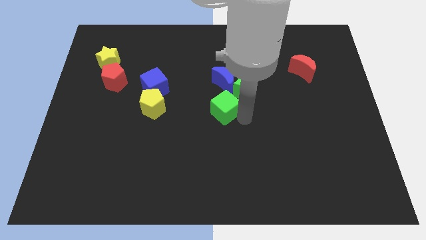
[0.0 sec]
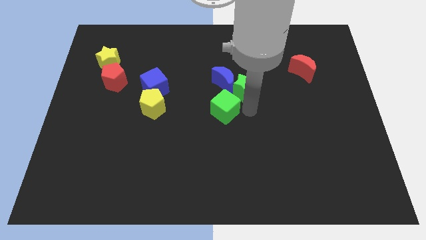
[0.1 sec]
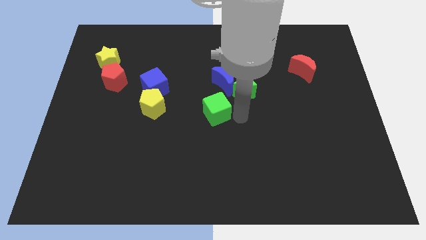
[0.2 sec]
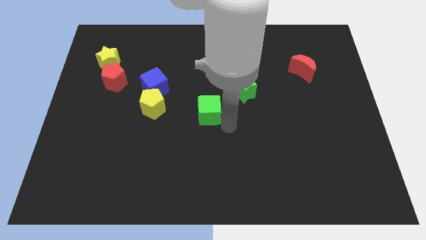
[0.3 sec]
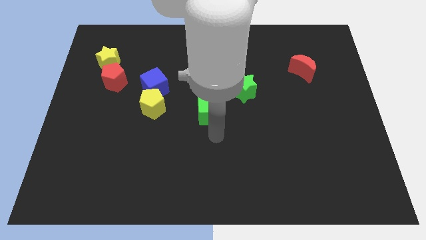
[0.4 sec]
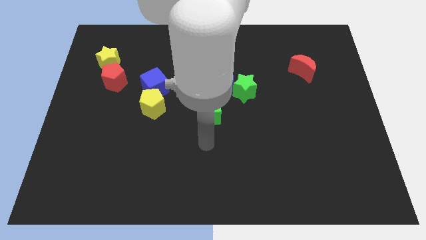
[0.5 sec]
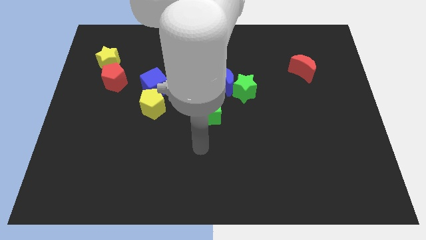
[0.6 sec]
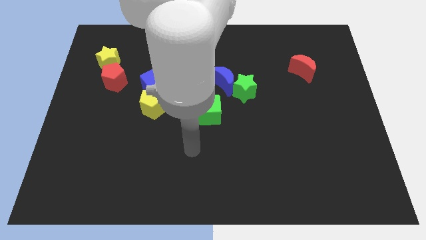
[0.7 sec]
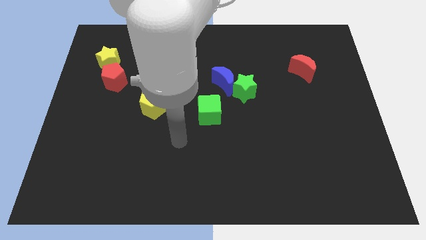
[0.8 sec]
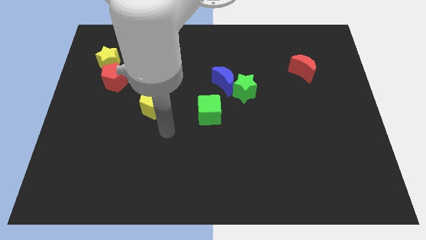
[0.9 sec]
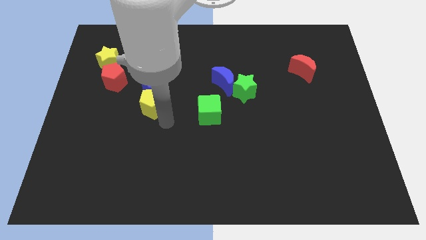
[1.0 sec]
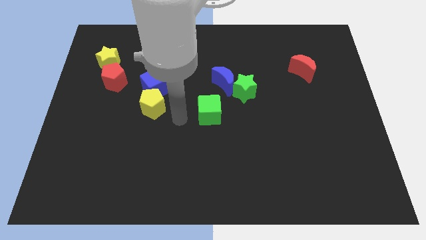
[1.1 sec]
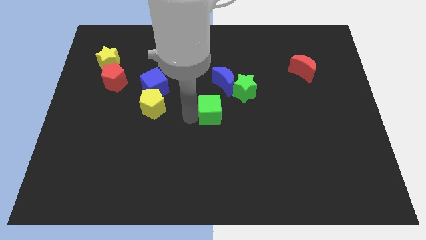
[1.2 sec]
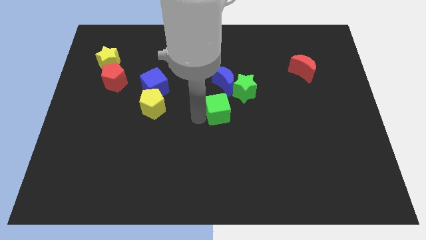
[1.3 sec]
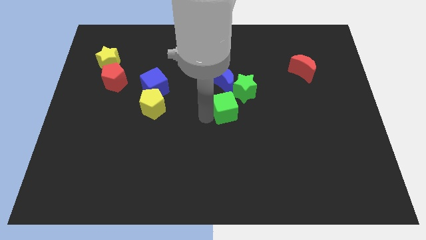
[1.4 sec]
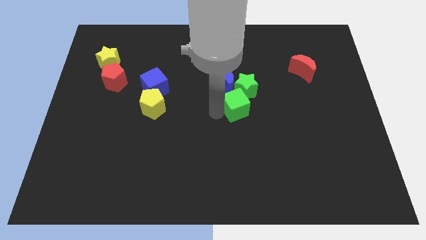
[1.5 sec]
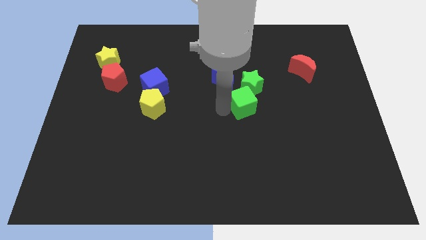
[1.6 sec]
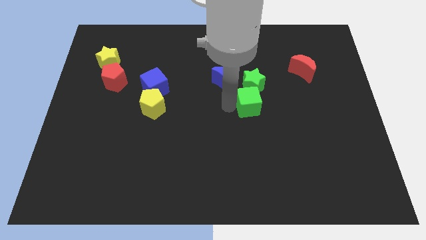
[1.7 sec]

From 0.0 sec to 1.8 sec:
move the green cube into the green star

* * *

### WHAT IS EXPECTED
Reproduce every entry exactly, but omit each picture.

### REPLY TO THE EXERCISE
[0.0 sec]
[0.1 sec]
[0.2 sec]
[0.3 sec]
[0.4 sec]
[0.5 sec]
[0.6 sec]
[0.7 sec]
[0.8 sec]
[0.9 sec]
[1.0 sec]
[1.1 sec]
[1.2 sec]
[1.3 sec]
[1.4 sec]
[1.5 sec]
[1.6 sec]
[1.7 sec]

From 0.0 sec to 1.8 sec:
move the green cube into the green star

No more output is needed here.